REQUIREMENT
Extract the line that contains "Comptroller U. S." and every line after it to the end of the records below, exactly as written and nothing else.

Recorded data
⁂

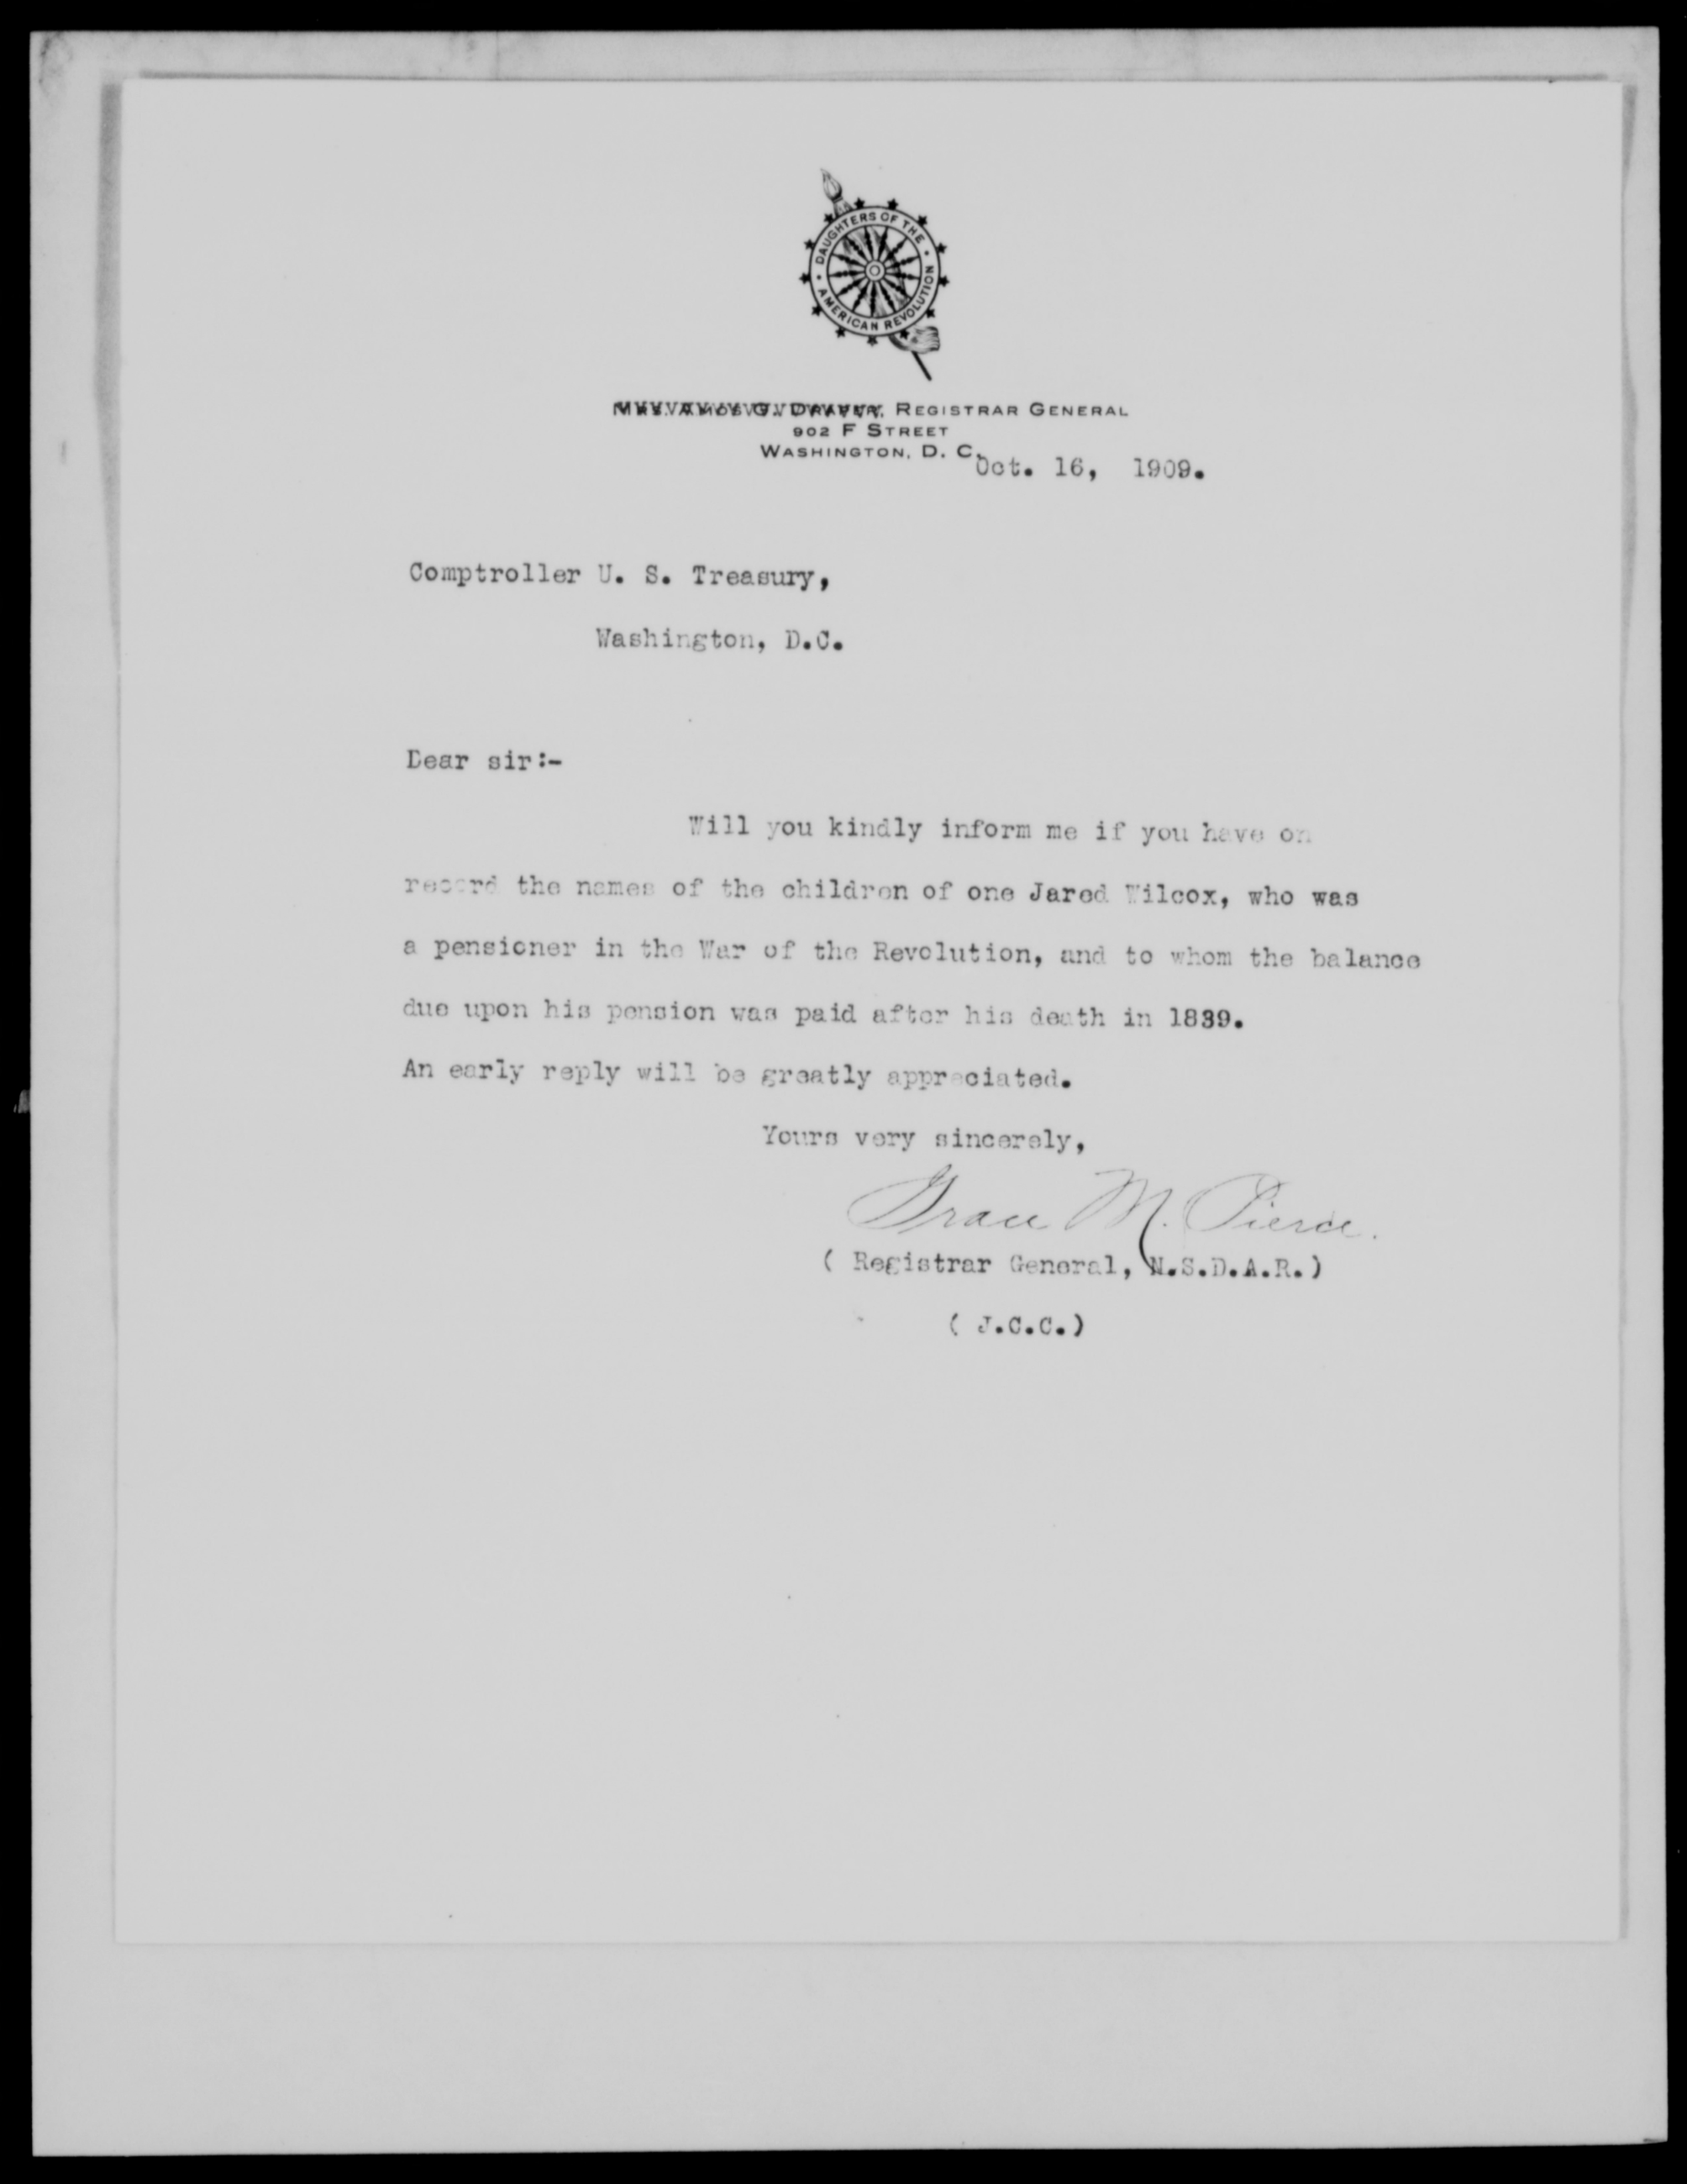[SEAL]
DAUGHTERS OF THE AMERICAN REVOLUTION

REGISTRAR GENERAL
902 F STREET
WASHINGTON, D.C.

Oct. 16, 1909.

Comptroller U. S. Treasury,
Washington, D C. 

Dear sir: -

Will you kindly inform me if you have on
record the names of the children of one Jared Wilcox, who was
a pensioner in the War of the Revolution, and to whom the balance
due upon his pension was paid after his death in 1839.
An early reply will be greatly appreciated.

Yours very sincerely,
Grace M. Pierce (signature)
(Registrar General, N.S.D.A.R.)
(J.C.C.0

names: Jared Wilcox, Grace M Pierce
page: 21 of 34
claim: survivor's
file: S. 41337, Jared Wilcox, Continental Mass.

⁂

RESPONSE TO THIS EXERCISE
Comptroller U. S. Treasury,
Washington, D C. 

Dear sir: -

Will you kindly inform me if you have on
record the names of the children of one Jared Wilcox, who was
a pensioner in the War of the Revolution, and to whom the balance
due upon his pension was paid after his death in 1839.
An early reply will be greatly appreciated.

Yours very sincerely,
Grace M. Pierce (signature)
(Registrar General, N.S.D.A.R.)
(J.C.C.0

names: Jared Wilcox, Grace M Pierce
page: 21 of 34
claim: survivor's
file: S. 41337, Jared Wilcox, Continental Mass.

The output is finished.